Because data were available from questionnaires on the FTSW status of parents, it was possible to investigate whether parental myopia had an influence on the recurrence of myopia in the siblings of the highly myopic probands (Fig. 2) . Cases in which neither parent wore spectacles for myopia were surprisingly common (Table 3) , accounting for 39.6% of high myopes. The siblings of probands without myopic parents showed a lower than average recurrence of FTSW, 26.0% (19.8,32.2), and our high-myopia surrogate, 5.6% (1.8, 9.8). The recurrence of high myopia was increased in siblings of high myopes who had one parent who was a full-time myopic spectacle wearer, 11.2% (4.8, 18.8), but this increase was not significant (z c = 1.76, P = 0.08) and also was not influenced by whether it was their mother or father who wore a myopic correction (z c = 0.05, P = 0.96). There was a further increase, which again did not reach statistical significance (z c = 1.80, P = 0.07), if both parents were myopic spectacle wearers, 21.8% (9.3, 35.3). However, probands with at least one myopic parent were more likely to have highly myopic siblings than those with no myopic parents (z c = 2.67, P = 0.007). 
Discussion
The sibling recurrence risk for high myopia estimated on the basis of an AOSW ≤9.1 years (K S ∼10.0%) is similar to those found in the only two previous studies, despite differences in ascertainment strategy, data collection method, and refractive criteria. Guggenheim et al. 23 reanalyzed a young (age, 13–14 years) cohort studied by Goldschmidt 24 and found a K S of ∼9.1%. The low prevalence (0.45%) of high myopia (mean spherical refractive error in either eye < −6.00 D) in Goldschmidt’s cohort meant that, despite a large initial sample size, the estimate of K S was based on data from only 31 families.
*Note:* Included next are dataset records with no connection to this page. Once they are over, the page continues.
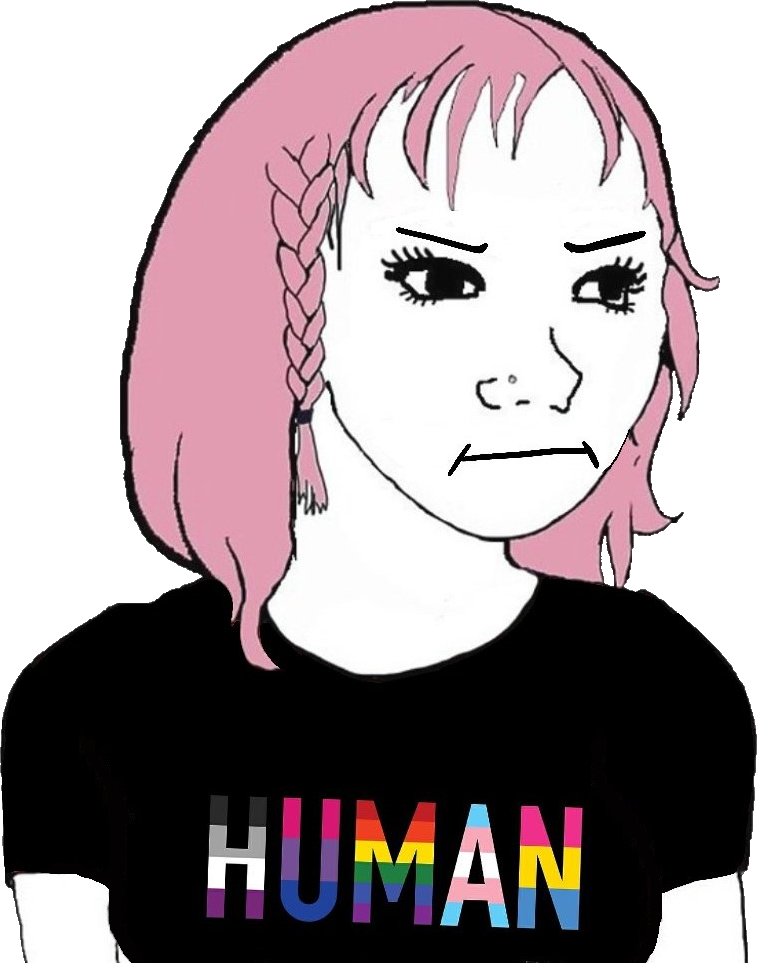
Label: 5_Daddys_Girl
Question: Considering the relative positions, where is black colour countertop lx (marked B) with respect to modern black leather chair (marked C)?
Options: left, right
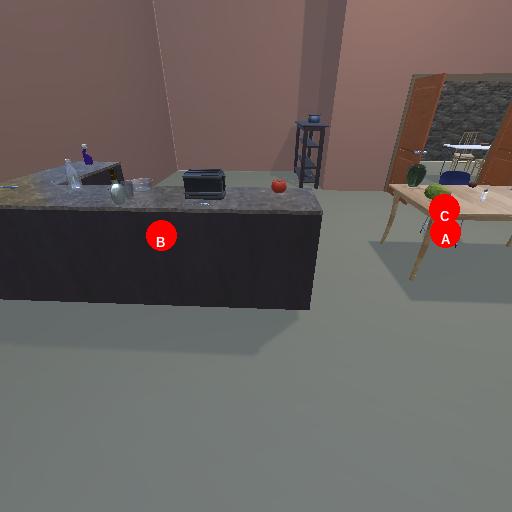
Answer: left
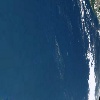
Label: water
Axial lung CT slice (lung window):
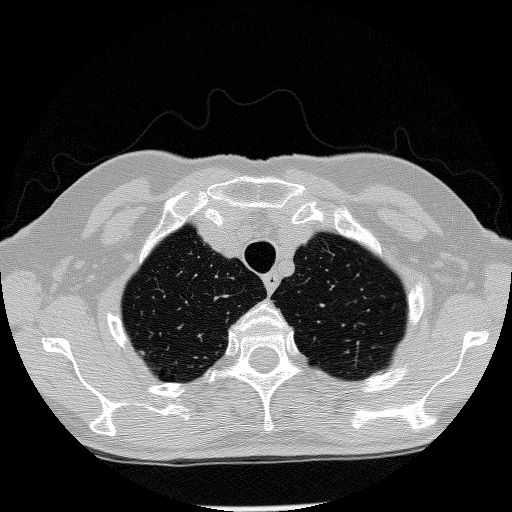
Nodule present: no
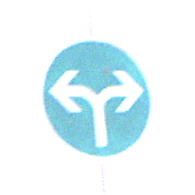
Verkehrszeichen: VorgeschriebeneFahrtrichtungRechtsOderLinks
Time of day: MorningAfternoon
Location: Outdoor (Urban)
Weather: Clear
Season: NotSpecified
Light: Natural
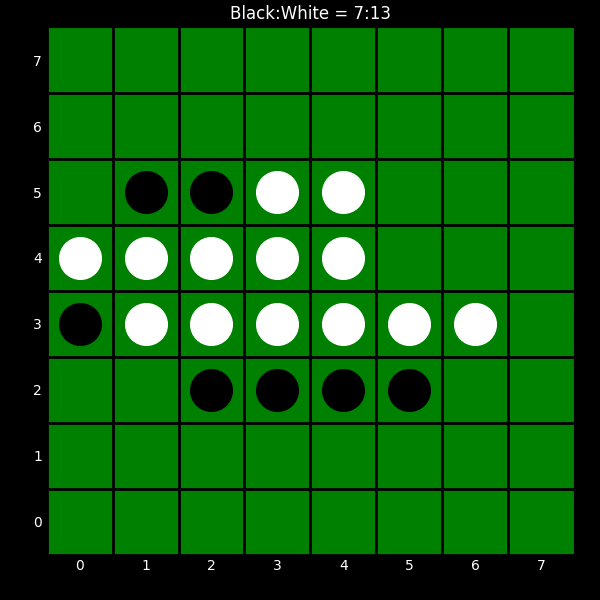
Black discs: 7
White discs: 13
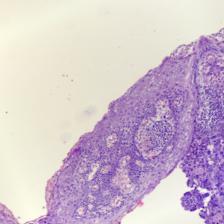
Diagnosis: OSCC
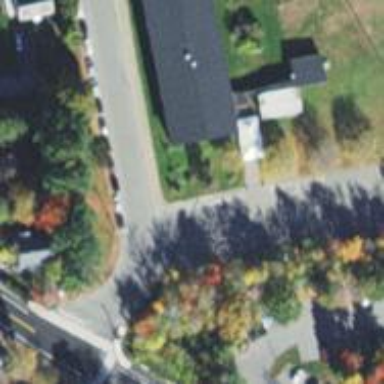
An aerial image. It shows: Footway along the road.
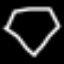
Label: diamond
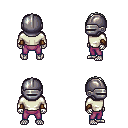
a pixel art fantasy rpg character, male body template, skeleton, white long-sleeve shirt, magenta pants, white parted hairstyle, metal helm, leather bracers, four views (front, back, left, right), 2x2 character sprite sheet, small pixel art, hard edges, no anti-aliasing
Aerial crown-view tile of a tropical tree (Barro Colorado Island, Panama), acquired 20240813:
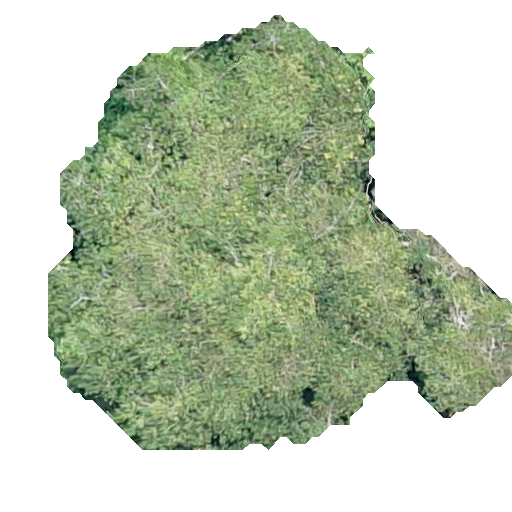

The exclusion of families with young siblings in the present study may have contributed to the slightly higher K S estimate, compared with that calculated from Goldschmidt’s data. The estimate by Tanabe and Fujiki 25 of K S for higher myopia (≤ −8.00D) in a Japanese cohort was 12.3%. Although they used a higher threshold (more extreme proband selection) than we used, this may have been balanced by the higher prevalence of myopia in East Asian populations. 26 27  
The estimate of λS (95% confidence limits) from this study is 4.9 (2.7, 7.6), considerably lower than the only previous estimate of 19.8 (1.0, 54.6). 23 Although the approaches taken in reaching these estimates both have their limitations, these factors were at least largely independent in the two studies. In the present investigation, the population prevalence of high myopia is most likely an overestimate due to the clinical selection of the cohort. This bias will make the estimate of λS overly conservative. The converse is probably true in relation to the cohort studied by Goldschmidt, 24 due to the young age of his cohort. If the assumption of single ascertainment is incorrect, it would also serve to reduce the estimate of λS
An indirect approach to the estimation of the sibling recurrence was used in this study to maximize the proportion of families on which the estimate could be based, in an attempt to avoid response bias in favor of probands with a positive family history. Hence, the proportion of myopic siblings who were high myopes was estimated using an age of onset of spectacle wear for myopia of 9.1 years or younger as reported by the proband. The relationship of age of onset of spectacle wear and the degree of myopia has been established in previous studies and was demonstrated here in both regression and receiver operating characteristic (ROC) models. In addition this indirect approach showed good agreement with actual recurrence values in the small number of families in which the siblings’ refractive error was known. The potential for overreporting of sibling affectation by affected probands has been described by Guo. 16 However, this does not appear to have occurred in the present study, as the high myopia recurrence estimate in siblings in whom the affectation status could be confirmed was no lower than the overall estimate. A comparison of the estimates for the postal and telephone questionnaires indicated that response bias in favor of probands with highly myopic siblings was also not a major problem, although this type of response bias did appear to occur for low myopia to a small extent. 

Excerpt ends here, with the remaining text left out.